What explains the gap between policy on paper and practice in hiring? The same report points to familiar mechanisms: the degree still operates as a manager heuristic in downstream screening; assessments and structured interviews are not always in place to replace that proxy; and teams revert to status-quo filters under time pressure. In other words, removing a line from a job ad doesn't, by itself, supply a new way to evaluate capability.

According to the 2024 Harvard/BGI study, 45% of firms fall into the “In Name Only” archetype, where stated commitment yields no meaningful hiring behavior change. Meanwhile, another 20% of firms showed initial progress before backsliding to pre-reform patterns. These companies saw short-term improvements in accessibility but ultimately ended up hiring a smaller proportion of non-degreed workers than before the changes.

Building effective alternatives

Effective alternatives to degree requirements include:

  • Work samples or task tests tied directly to real job outputs, which are highly predictive of performance in many functions. Susan O'Rourke, Assistant Director for Leadership and Development at the University of Buffalo, says success comes from getting “hands-on experience and applying what they're learning in the classroom in real-life situations." For candidates without degrees, demonstrating capability through practical application becomes even more critical.
  • Proof of work for technical roles in design, data, marketing, or operations.
  • Structured interviews designed to evaluate critical attributes like communication, collaboration, and problem-solving skills.
  • Transparent competencies defined within job descriptions, outlining required tools, performance thresholds, and behaviors so that screening processes match the actual job needs.

O’Rourke emphasizes that successful candidates go beyond listing credentials: "the ability to articulate the value of one's skills and experiences, as developed through reflection on learning, is key." This means being prepared to discuss specific results and demonstrate how capabilities translate to the role at hand.

Multi-measure testing, which combines cognitive ability, personality, and role-specific assessments, has proven more effective than single-assessment approaches.

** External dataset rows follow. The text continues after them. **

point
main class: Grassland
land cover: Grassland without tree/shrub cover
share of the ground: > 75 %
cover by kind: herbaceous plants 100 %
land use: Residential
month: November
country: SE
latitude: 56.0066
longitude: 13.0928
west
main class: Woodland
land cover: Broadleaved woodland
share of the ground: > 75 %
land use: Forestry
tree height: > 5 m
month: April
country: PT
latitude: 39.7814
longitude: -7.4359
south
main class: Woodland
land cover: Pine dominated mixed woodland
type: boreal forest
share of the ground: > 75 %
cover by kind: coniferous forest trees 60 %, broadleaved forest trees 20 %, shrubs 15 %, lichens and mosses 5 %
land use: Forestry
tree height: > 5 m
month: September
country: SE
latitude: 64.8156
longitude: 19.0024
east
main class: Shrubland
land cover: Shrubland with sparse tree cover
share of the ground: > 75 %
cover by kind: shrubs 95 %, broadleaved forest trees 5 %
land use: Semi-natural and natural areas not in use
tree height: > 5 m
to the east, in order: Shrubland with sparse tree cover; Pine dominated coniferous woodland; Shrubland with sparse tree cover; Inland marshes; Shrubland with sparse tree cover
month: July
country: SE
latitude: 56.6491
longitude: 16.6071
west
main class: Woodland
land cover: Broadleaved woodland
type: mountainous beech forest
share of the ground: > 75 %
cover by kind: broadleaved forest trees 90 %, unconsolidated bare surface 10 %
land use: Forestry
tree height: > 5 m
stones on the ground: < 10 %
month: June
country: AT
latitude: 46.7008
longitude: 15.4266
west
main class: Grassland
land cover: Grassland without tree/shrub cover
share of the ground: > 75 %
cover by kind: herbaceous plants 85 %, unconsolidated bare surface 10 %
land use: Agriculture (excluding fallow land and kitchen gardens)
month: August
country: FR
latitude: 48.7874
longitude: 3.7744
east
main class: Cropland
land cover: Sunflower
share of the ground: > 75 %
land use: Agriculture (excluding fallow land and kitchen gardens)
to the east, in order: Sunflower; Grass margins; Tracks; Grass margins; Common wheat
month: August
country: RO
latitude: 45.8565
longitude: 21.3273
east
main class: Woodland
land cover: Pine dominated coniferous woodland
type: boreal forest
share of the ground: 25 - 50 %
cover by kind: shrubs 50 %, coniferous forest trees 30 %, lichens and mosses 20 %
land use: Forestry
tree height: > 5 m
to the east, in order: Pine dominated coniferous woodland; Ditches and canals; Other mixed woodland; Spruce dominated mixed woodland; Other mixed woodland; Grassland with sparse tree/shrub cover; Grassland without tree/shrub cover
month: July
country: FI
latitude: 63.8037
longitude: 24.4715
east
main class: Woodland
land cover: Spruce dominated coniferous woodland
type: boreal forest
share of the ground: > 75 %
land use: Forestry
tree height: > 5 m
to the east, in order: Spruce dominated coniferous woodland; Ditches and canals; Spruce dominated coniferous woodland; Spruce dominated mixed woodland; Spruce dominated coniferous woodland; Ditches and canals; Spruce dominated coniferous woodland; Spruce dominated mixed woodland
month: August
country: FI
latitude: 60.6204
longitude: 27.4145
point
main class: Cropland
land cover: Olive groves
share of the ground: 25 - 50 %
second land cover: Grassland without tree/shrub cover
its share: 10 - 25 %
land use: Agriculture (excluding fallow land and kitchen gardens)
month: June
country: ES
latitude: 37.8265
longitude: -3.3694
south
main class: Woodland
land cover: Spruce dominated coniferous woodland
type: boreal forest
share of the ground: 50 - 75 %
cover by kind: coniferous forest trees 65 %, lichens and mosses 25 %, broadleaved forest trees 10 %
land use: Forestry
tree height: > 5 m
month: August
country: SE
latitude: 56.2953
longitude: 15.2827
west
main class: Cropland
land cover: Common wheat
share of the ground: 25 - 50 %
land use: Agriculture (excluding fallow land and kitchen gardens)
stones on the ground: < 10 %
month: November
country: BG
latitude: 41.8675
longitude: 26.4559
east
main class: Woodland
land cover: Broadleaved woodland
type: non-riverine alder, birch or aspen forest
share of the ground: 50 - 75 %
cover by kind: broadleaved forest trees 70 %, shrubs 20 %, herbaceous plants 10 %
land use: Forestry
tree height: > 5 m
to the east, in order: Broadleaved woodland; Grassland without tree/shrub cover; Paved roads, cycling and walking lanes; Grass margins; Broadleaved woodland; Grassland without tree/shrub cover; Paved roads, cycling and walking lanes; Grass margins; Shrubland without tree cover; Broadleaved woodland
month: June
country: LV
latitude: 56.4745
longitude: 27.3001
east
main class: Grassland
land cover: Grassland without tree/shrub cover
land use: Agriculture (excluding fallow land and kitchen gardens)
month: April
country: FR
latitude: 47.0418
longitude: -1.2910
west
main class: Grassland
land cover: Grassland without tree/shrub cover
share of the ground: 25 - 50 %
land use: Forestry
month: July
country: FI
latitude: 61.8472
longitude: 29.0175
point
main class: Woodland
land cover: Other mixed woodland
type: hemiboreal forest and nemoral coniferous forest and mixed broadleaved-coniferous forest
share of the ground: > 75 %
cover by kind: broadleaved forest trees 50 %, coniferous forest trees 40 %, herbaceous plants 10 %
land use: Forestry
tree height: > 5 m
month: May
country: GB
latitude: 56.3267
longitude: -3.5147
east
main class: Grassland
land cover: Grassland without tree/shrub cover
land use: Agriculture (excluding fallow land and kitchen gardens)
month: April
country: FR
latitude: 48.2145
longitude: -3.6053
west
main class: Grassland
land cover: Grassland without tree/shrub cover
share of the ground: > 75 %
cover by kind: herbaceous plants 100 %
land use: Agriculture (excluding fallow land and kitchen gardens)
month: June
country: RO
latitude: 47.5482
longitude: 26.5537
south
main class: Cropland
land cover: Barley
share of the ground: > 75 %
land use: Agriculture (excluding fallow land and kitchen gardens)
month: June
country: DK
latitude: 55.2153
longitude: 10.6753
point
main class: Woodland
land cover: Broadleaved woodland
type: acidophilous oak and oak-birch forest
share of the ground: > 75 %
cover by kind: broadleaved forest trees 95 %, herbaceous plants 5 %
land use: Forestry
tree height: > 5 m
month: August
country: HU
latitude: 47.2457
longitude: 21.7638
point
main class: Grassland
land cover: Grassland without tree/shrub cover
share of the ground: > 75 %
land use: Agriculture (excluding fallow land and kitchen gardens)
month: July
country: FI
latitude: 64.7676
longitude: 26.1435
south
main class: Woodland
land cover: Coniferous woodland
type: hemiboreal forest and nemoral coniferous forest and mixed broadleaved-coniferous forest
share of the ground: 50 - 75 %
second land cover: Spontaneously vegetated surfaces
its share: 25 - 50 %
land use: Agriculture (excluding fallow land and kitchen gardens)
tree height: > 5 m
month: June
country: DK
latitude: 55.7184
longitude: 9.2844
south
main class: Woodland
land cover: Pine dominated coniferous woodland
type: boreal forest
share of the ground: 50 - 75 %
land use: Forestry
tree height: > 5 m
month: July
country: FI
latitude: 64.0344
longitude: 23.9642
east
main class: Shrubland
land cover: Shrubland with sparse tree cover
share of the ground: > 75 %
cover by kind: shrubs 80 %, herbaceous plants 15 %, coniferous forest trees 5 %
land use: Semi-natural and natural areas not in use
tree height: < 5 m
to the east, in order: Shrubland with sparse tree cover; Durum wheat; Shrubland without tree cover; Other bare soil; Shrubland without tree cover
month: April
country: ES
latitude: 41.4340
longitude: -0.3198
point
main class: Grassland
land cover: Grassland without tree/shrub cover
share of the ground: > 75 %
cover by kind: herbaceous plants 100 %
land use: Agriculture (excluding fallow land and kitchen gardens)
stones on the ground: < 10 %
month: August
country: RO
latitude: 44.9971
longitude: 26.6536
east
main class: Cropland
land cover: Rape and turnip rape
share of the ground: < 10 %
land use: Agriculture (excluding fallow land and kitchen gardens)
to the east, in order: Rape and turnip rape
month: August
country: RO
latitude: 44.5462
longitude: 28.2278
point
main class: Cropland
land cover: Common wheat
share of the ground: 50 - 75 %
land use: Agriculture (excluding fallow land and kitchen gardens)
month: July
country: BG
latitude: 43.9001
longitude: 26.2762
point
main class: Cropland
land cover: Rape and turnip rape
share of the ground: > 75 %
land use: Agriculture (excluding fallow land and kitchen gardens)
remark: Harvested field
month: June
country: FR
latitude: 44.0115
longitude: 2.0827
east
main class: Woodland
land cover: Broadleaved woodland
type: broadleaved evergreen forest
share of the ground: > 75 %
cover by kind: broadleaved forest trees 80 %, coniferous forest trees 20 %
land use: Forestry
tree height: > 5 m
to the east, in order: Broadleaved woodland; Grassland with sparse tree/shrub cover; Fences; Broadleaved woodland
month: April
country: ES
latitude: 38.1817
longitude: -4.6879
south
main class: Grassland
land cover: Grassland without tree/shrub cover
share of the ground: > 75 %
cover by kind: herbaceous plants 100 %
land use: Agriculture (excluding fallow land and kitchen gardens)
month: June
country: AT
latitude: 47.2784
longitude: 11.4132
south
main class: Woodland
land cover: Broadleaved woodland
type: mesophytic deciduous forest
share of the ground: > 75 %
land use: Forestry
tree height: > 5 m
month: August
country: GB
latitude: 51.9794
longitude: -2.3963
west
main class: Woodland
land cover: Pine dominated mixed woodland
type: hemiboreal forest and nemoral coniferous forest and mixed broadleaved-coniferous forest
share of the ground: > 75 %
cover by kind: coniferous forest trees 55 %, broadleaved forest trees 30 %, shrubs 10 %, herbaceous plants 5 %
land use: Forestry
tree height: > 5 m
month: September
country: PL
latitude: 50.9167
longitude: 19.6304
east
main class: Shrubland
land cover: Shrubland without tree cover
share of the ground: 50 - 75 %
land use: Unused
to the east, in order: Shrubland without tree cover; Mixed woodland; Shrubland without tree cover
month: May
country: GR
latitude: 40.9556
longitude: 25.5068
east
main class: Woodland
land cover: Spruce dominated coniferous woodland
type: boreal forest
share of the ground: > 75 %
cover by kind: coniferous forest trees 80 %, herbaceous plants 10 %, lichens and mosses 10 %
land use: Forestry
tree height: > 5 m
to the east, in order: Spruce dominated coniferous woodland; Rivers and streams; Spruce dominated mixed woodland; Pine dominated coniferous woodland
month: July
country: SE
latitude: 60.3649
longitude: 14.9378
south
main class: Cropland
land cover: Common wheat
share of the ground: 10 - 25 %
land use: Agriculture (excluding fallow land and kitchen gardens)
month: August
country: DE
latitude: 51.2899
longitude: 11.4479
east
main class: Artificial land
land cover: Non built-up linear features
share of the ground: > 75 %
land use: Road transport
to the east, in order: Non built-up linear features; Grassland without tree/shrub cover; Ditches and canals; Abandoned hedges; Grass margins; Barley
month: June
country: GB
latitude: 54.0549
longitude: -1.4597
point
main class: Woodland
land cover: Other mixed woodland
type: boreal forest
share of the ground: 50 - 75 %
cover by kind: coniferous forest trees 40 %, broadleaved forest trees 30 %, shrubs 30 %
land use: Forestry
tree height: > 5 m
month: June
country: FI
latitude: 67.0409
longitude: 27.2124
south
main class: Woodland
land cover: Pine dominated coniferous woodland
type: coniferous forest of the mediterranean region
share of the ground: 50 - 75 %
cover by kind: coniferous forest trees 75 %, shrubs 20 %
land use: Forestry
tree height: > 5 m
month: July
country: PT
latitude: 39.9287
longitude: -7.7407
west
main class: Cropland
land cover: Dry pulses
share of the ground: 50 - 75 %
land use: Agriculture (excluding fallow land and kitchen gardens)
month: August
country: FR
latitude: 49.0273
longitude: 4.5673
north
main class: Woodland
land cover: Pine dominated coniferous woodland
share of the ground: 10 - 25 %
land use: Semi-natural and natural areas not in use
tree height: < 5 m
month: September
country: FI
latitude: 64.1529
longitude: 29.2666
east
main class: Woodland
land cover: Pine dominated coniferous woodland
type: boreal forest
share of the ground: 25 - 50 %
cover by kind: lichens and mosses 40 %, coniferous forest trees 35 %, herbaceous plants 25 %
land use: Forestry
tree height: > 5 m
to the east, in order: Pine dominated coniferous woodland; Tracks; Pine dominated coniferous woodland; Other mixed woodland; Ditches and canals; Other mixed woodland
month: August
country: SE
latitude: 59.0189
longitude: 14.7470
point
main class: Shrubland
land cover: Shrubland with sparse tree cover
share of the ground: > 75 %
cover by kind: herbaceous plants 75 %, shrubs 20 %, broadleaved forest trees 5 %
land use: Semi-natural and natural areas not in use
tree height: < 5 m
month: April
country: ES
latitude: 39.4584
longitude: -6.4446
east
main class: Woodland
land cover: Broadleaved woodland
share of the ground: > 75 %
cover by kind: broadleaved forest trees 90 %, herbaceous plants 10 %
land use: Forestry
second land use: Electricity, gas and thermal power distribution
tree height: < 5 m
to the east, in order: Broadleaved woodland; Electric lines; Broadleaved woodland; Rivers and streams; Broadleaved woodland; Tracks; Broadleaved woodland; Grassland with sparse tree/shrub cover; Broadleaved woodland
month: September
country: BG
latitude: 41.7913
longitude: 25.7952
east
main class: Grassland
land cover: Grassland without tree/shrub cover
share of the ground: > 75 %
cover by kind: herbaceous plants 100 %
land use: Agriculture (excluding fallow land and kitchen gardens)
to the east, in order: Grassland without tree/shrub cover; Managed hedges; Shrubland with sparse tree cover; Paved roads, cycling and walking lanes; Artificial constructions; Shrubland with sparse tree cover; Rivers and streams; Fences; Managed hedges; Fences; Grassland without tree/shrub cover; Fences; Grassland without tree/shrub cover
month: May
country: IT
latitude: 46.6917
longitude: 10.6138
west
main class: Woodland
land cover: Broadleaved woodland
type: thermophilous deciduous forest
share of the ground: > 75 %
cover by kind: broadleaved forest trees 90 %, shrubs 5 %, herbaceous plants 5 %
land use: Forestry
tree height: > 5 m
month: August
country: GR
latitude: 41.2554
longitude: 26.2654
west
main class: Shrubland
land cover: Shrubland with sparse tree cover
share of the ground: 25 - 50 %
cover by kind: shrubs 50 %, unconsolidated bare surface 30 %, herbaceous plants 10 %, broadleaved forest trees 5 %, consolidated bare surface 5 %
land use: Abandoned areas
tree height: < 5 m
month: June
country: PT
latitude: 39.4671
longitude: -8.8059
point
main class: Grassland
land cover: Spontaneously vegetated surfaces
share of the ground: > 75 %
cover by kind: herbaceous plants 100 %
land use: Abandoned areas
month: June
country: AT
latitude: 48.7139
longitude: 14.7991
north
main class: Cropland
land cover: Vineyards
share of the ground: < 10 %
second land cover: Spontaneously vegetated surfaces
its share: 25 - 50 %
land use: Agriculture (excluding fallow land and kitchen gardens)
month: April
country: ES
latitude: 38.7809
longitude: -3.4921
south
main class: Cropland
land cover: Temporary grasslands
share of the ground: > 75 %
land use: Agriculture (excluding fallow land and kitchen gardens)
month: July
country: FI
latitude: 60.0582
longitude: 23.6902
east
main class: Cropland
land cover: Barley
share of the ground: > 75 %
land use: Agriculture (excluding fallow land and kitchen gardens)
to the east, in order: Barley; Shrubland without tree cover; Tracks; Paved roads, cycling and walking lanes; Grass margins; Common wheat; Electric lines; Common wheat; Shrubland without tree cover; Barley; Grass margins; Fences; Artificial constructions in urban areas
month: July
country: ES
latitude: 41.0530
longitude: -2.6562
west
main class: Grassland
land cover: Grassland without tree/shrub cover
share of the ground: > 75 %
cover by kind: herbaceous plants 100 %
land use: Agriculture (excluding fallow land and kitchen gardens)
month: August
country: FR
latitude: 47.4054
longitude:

However, implementation remains challenging, with companies reporting persistent difficulties in standardizing evaluation methods, training managers, and processing high volumes of applicants through skills-based frameworks.

This renewed focus on measurable aptitude confirms that the degree historically served as a proxy for both hard and soft skills. As the reliance on academic credentials for entry-level roles decreases—with only 5% of global businesses considering tertiary education a key requirement for these positions, per new research from IDC, commissioned by Deel—employers are compelled to prioritize hands-on capabilities.

Additional data from the IDC research reveals the top three requirements currently sought globally for entry-level talent, illustrating a dramatic pivot toward verified skill:

  1. Technical certifications in AI tools or coding bootcamps (cited by 66% of organizations).
  2. Problem-solving and critical thinking abilities (59% of organizations).
  3. Strong communication and collaboration skills(51% of organizations).

The path forward: From policy to practice

Simply removing the degree requirement from a job posting is, at best, the end of the beginning. Without meaningful changes to evaluation systems and manager training, companies risk announcing reforms that never materialize in actual hiring decisions.

To successfully close the execution gap and truly hire for skill, companies must implement deep, institutional changes:

Manager enablement

Since hiring decisions are often made by managers outside of HR, they must be trained to develop new evaluation parameters. Managers are accustomed to assessing candidates based on grades or school prestige; without a new template, they often default to the credential as the "safer" choice for their own job security.

The barriers are structural. Even companies committed to change struggle with execution: 53% report lacking the time and resources to implement new evaluation frameworks effectively. Recognition of this gap has prompted states like Massachusetts to mandate formal skills-based hiring training for all managers and supervisors, signaling that intuition alone won't bridge the execution divide.

Process reform

Employers must dismantle the systemic barriers, the "paper ceiling," that penalize workers without degrees. This includes reforming Applicant Tracking Systems (ATS) to ensure they do not filter out qualified, non-degreed candidates based on old, irrelevant metrics.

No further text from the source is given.